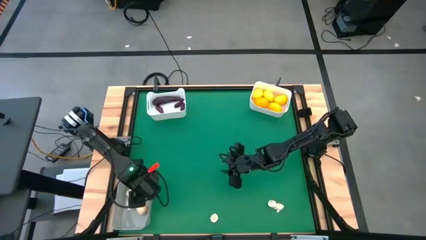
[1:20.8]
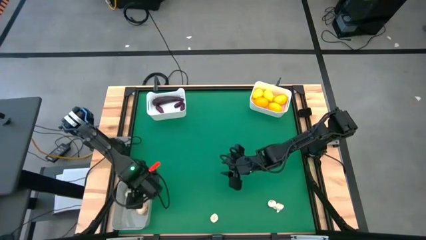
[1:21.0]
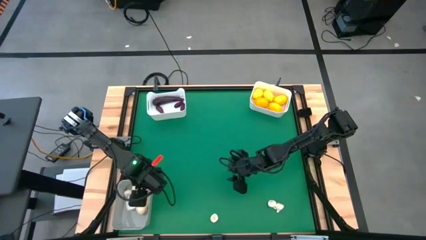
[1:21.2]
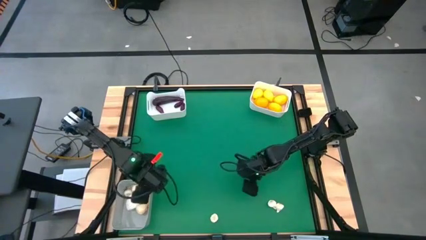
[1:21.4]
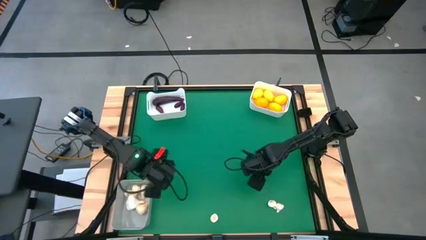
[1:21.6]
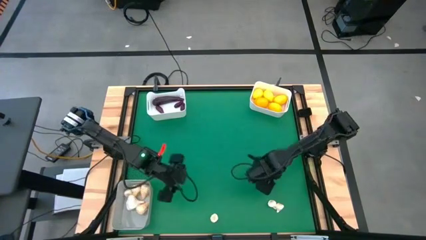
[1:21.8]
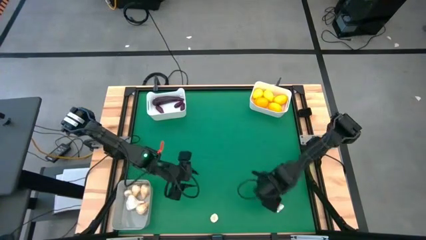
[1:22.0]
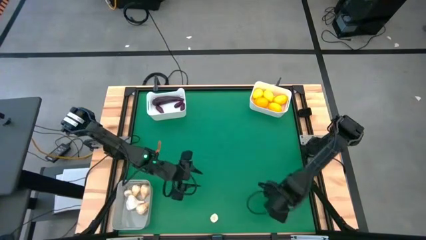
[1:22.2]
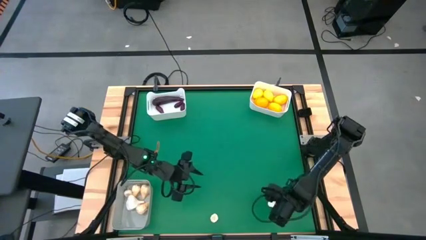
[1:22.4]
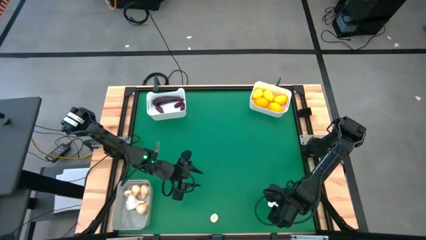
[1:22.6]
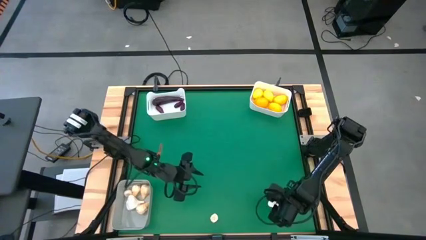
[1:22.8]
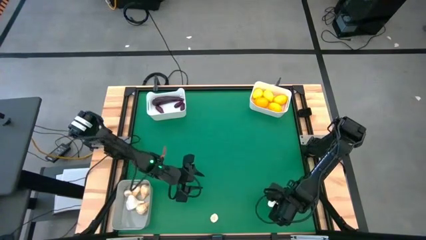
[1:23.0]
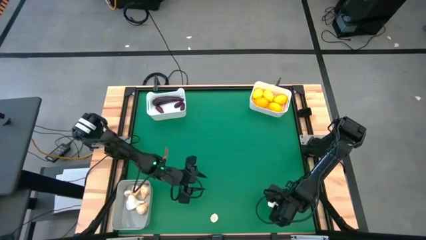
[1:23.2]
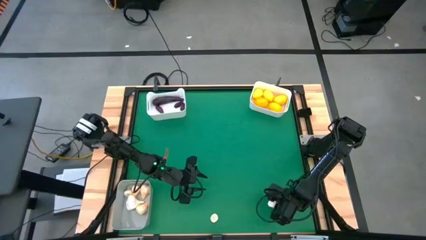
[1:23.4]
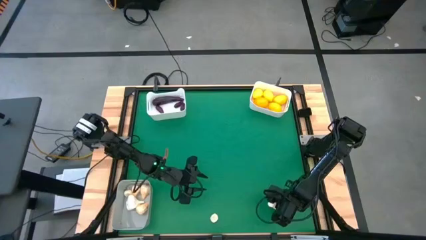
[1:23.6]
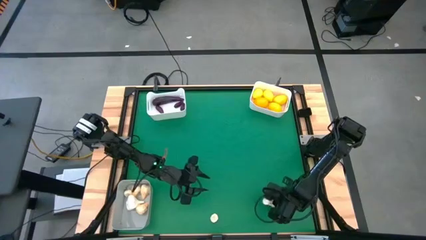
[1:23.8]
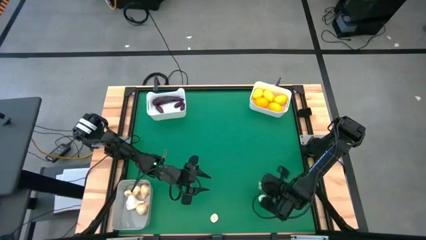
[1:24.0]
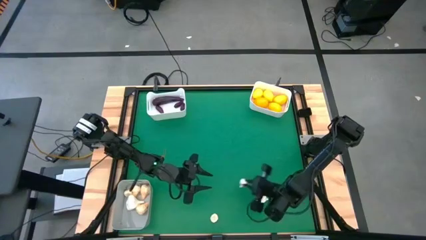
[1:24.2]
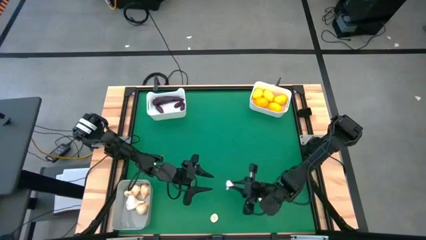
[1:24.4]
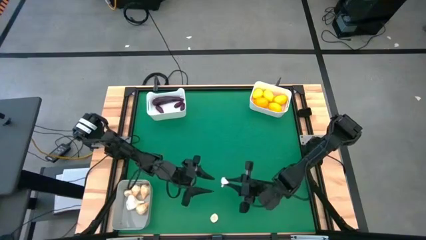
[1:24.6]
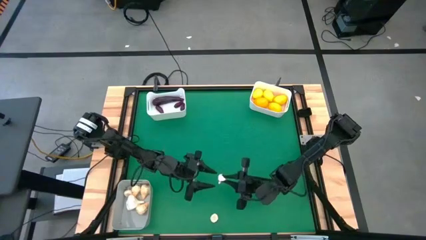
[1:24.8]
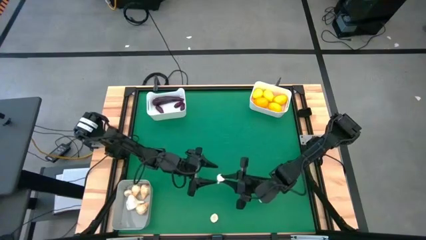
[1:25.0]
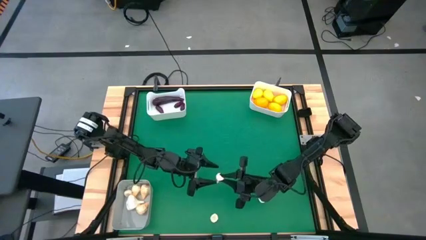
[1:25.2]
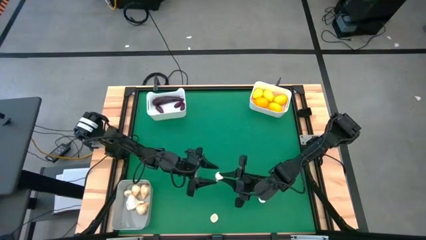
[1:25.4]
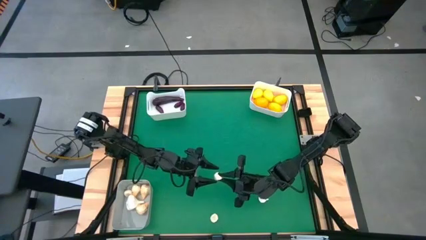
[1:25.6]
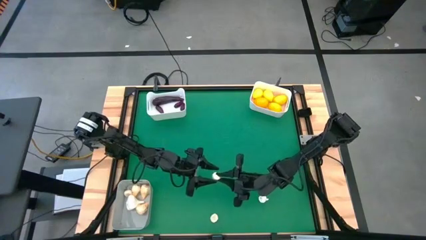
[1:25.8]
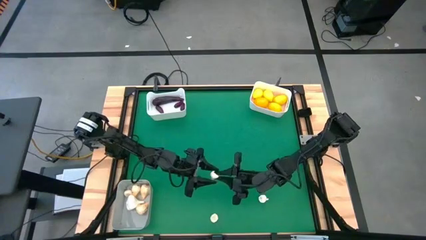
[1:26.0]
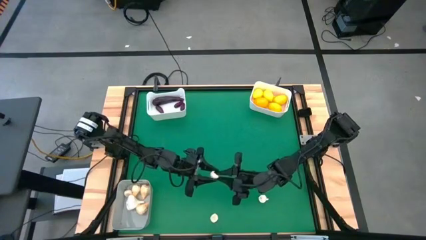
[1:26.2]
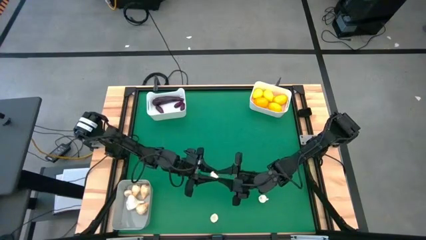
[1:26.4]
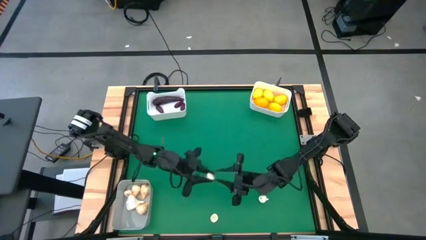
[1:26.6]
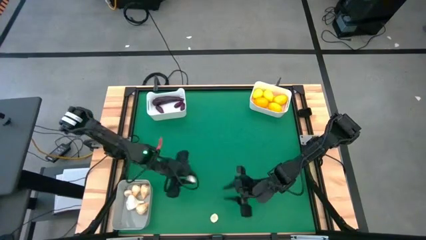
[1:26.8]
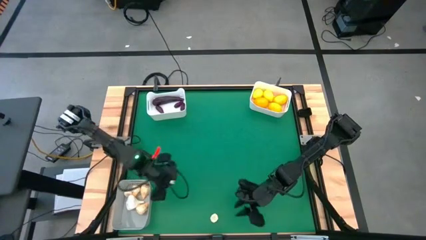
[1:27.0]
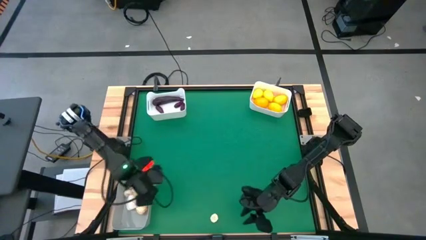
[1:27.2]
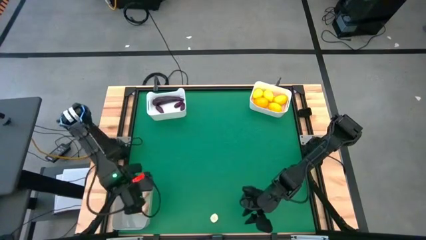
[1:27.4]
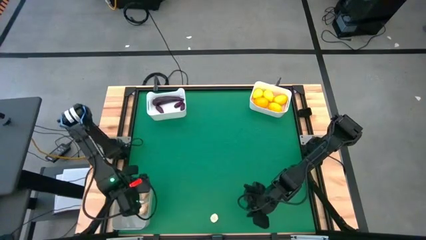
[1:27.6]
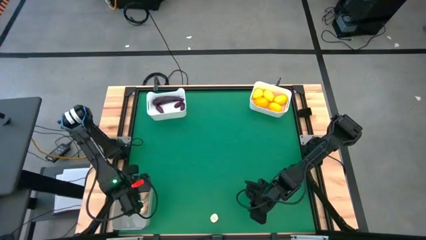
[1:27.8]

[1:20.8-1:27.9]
Task: Sort produce into baskets
Put the right white garlic into the gray bin

* * * * * * *

■ To do ■
Leave out the images and transcribe all the records exactly.

■ Output ■
[1:20.8]
[1:21.0]
[1:21.2]
[1:21.4]
[1:21.6]
[1:21.8]
[1:22.0]
[1:22.2]
[1:22.4]
[1:22.6]
[1:22.8]
[1:23.0]
[1:23.2]
[1:23.4]
[1:23.6]
[1:23.8]
[1:24.0]
[1:24.2]
[1:24.4]
[1:24.6]
[1:24.8]
[1:25.0]
[1:25.2]
[1:25.4]
[1:25.6]
[1:25.8]
[1:26.0]
[1:26.2]
[1:26.4]
[1:26.6]
[1:26.8]
[1:27.0]
[1:27.2]
[1:27.4]
[1:27.6]
[1:27.8]

[1:20.8-1:27.9]
Task: Sort produce into baskets
Put the right white garlic into the gray bin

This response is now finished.